All records below are to be duplicated exactly, with every picture excluded.

Data excerpts
-------------------------

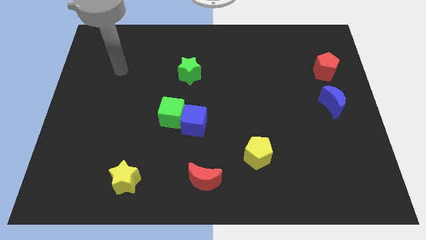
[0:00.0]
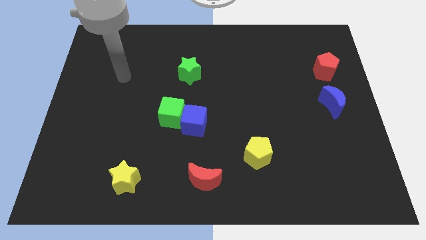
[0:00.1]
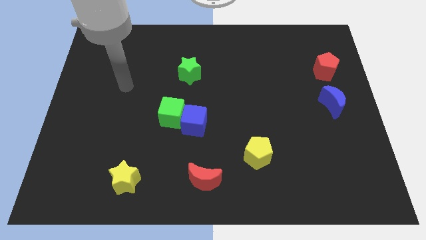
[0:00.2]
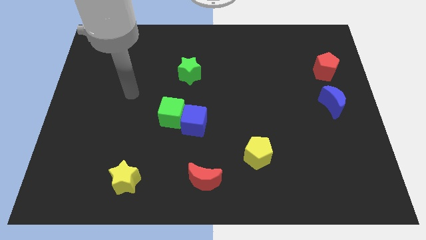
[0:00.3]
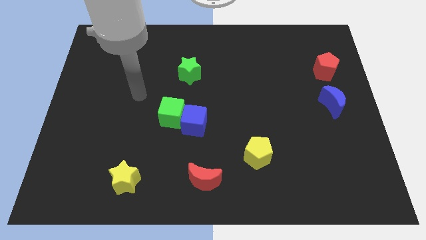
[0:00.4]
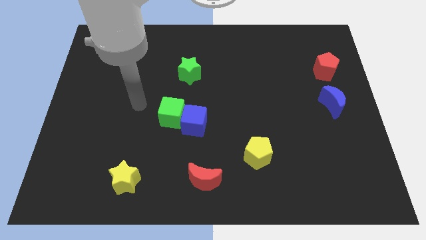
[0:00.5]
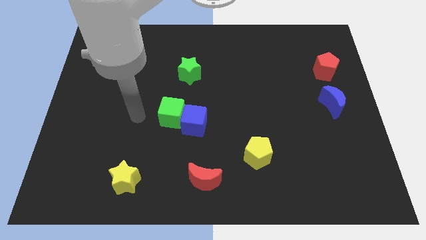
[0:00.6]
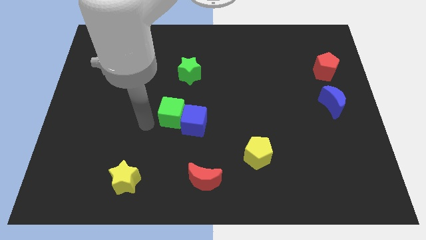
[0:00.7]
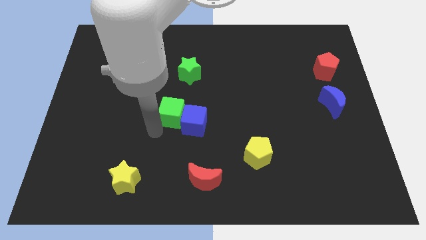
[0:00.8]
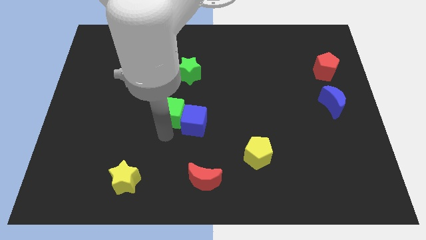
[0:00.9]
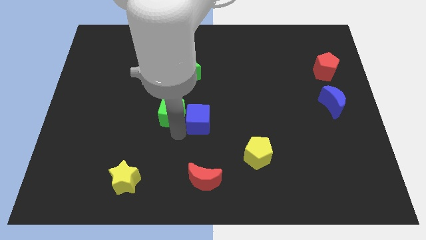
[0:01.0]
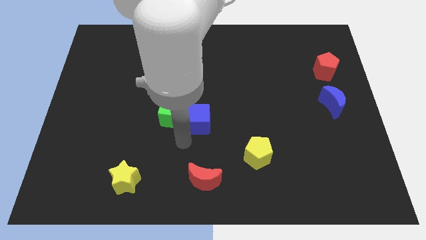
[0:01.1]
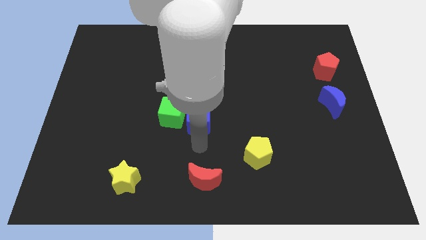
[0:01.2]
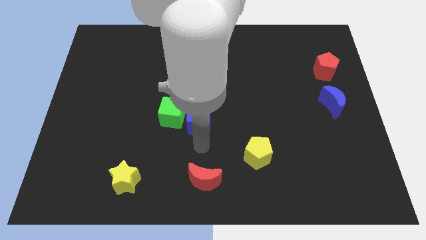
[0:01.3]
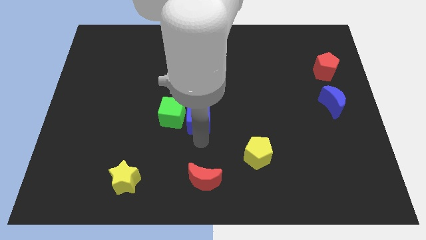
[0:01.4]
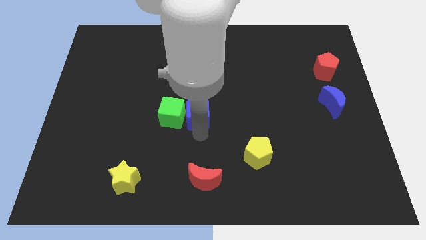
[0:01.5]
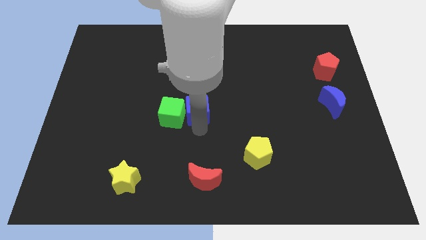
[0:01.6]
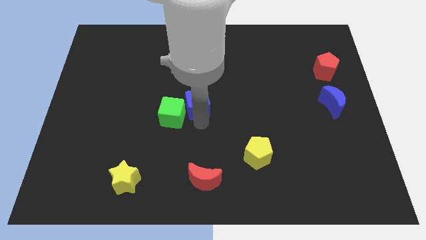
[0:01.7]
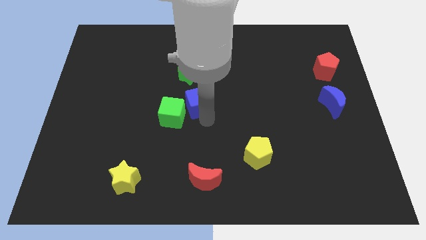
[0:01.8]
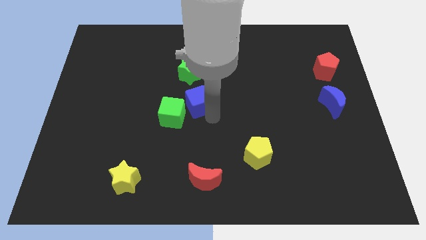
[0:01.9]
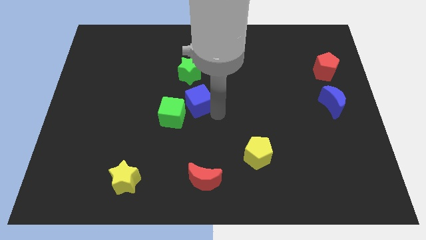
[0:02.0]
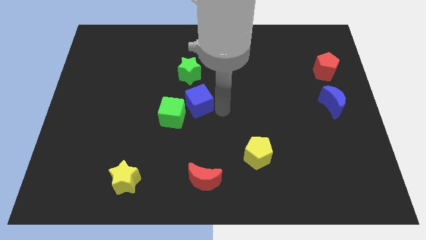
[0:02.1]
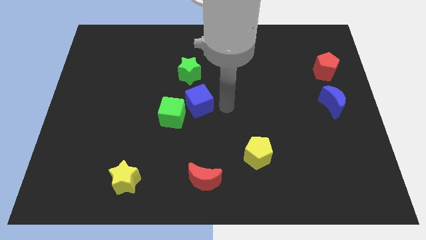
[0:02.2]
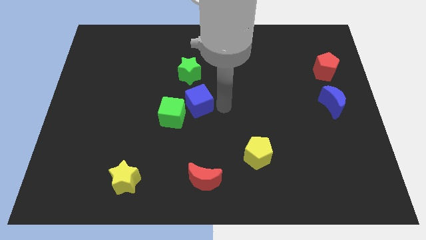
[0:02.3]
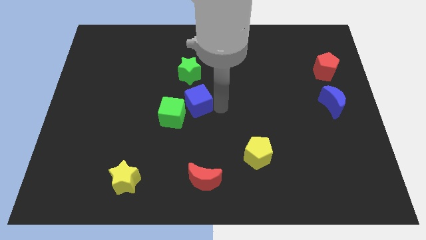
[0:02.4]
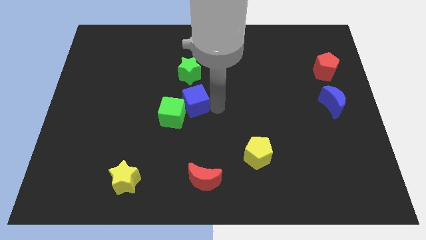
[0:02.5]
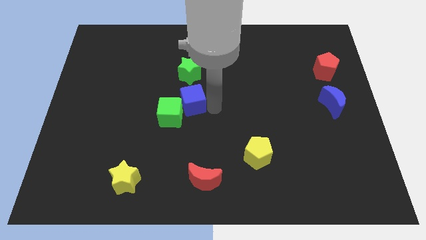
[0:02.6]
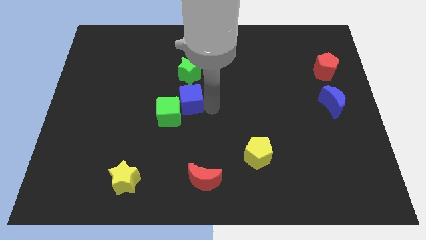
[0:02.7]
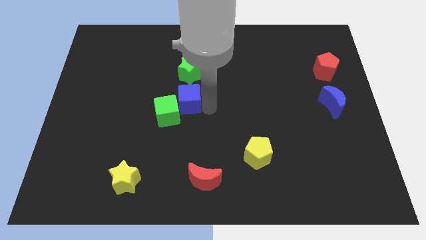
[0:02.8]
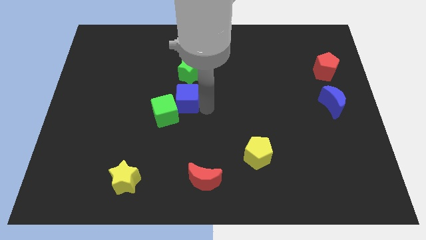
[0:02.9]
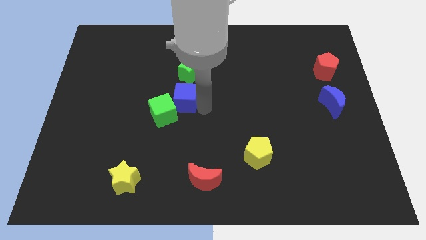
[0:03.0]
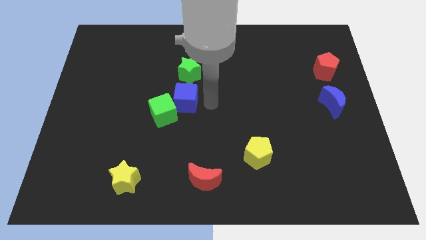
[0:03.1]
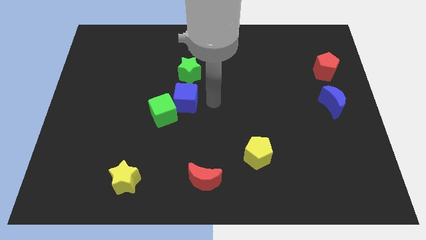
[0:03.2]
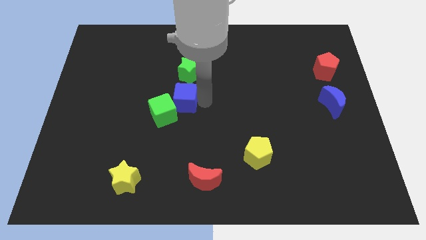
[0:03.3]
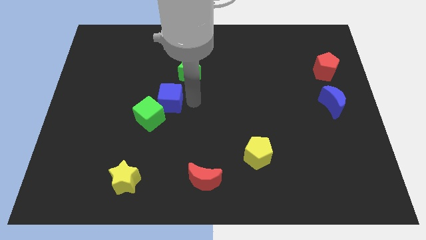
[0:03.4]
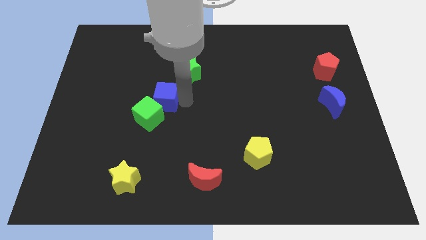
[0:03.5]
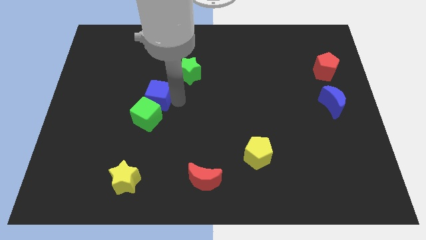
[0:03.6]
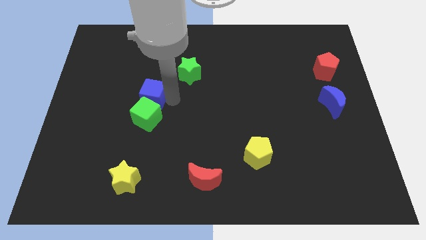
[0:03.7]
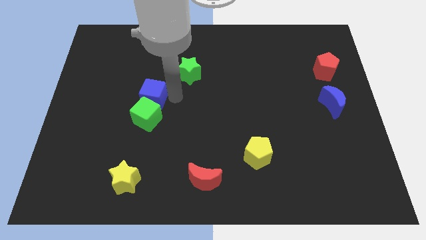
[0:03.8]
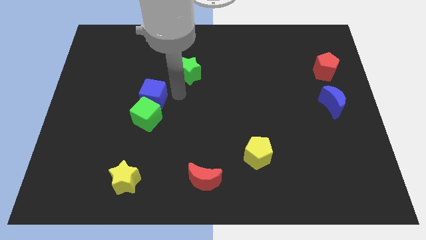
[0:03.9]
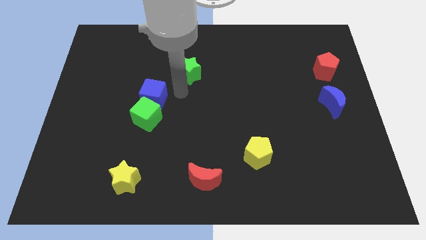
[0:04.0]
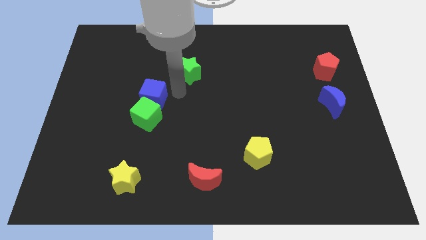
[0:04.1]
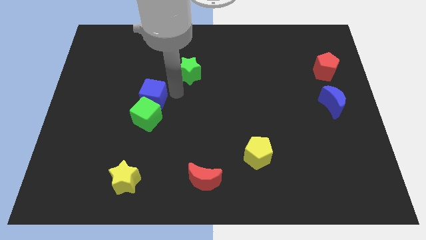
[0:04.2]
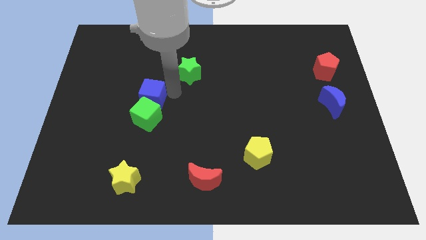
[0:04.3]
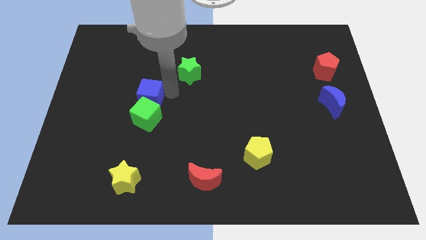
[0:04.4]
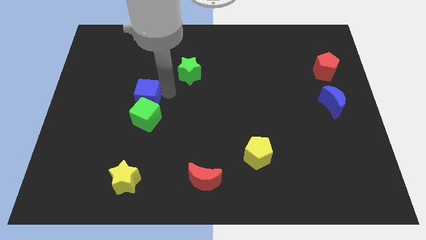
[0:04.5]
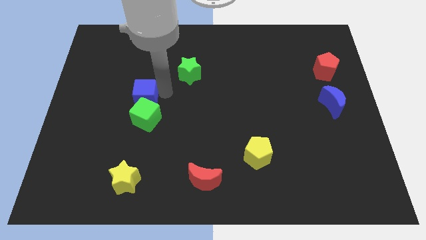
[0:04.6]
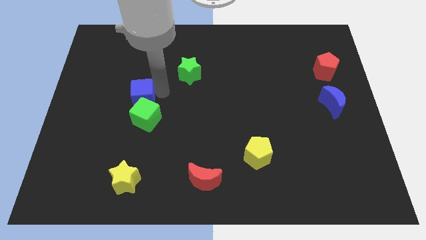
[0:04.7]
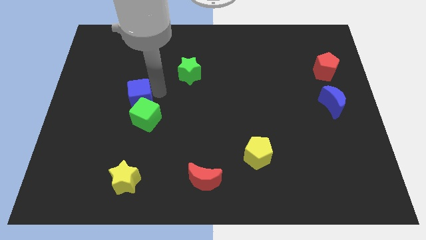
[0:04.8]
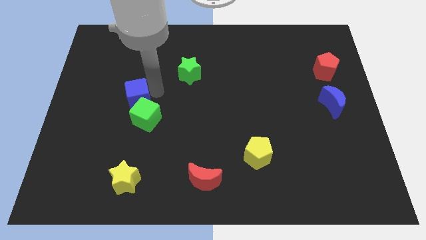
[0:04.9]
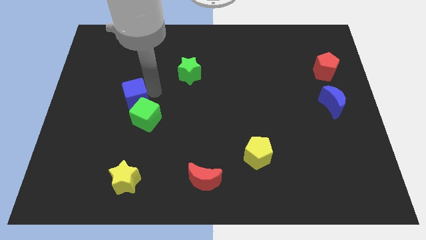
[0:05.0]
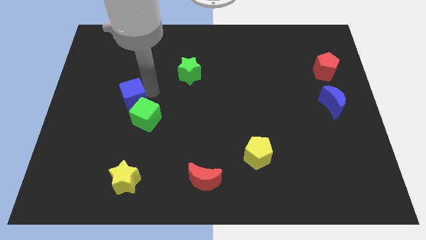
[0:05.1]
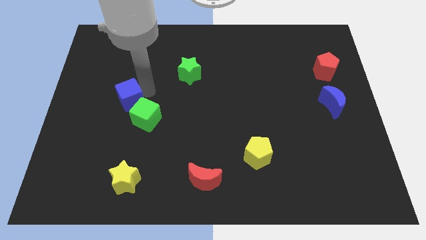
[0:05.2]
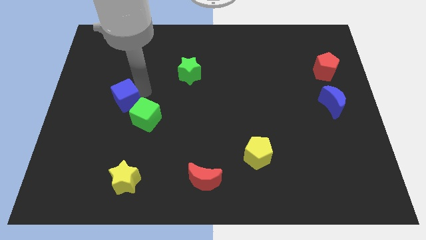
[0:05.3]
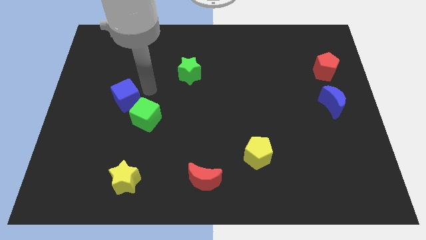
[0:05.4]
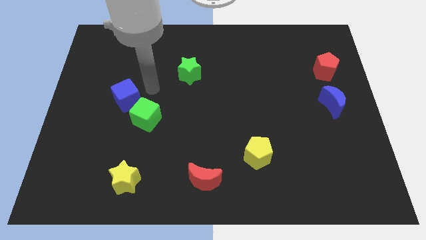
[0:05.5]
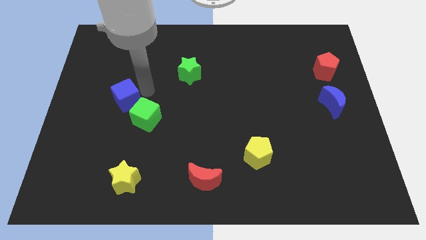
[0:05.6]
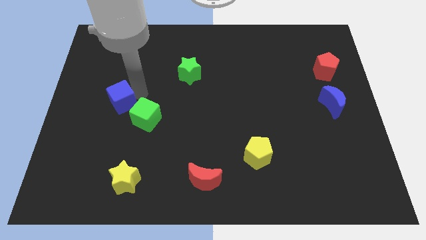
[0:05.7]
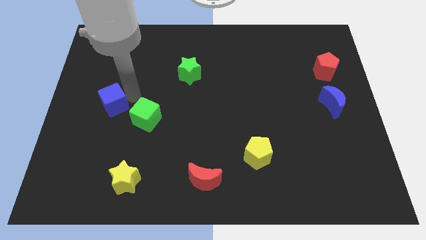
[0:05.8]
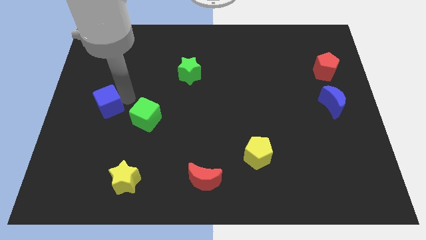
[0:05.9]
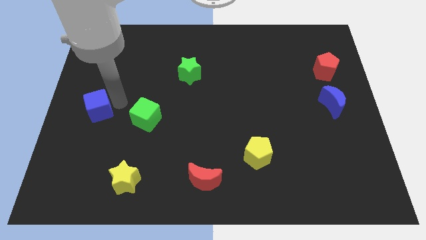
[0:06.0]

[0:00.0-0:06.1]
put the blue cube to the left side

-------------------------

■ RESPONSE AREA
[0:00.0]
[0:00.1]
[0:00.2]
[0:00.3]
[0:00.4]
[0:00.5]
[0:00.6]
[0:00.7]
[0:00.8]
[0:00.9]
[0:01.0]
[0:01.1]
[0:01.2]
[0:01.3]
[0:01.4]
[0:01.5]
[0:01.6]
[0:01.7]
[0:01.8]
[0:01.9]
[0:02.0]
[0:02.1]
[0:02.2]
[0:02.3]
[0:02.4]
[0:02.5]
[0:02.6]
[0:02.7]
[0:02.8]
[0:02.9]
[0:03.0]
[0:03.1]
[0:03.2]
[0:03.3]
[0:03.4]
[0:03.5]
[0:03.6]
[0:03.7]
[0:03.8]
[0:03.9]
[0:04.0]
[0:04.1]
[0:04.2]
[0:04.3]
[0:04.4]
[0:04.5]
[0:04.6]
[0:04.7]
[0:04.8]
[0:04.9]
[0:05.0]
[0:05.1]
[0:05.2]
[0:05.3]
[0:05.4]
[0:05.5]
[0:05.6]
[0:05.7]
[0:05.8]
[0:05.9]
[0:06.0]

[0:00.0-0:06.1]
put the blue cube to the left side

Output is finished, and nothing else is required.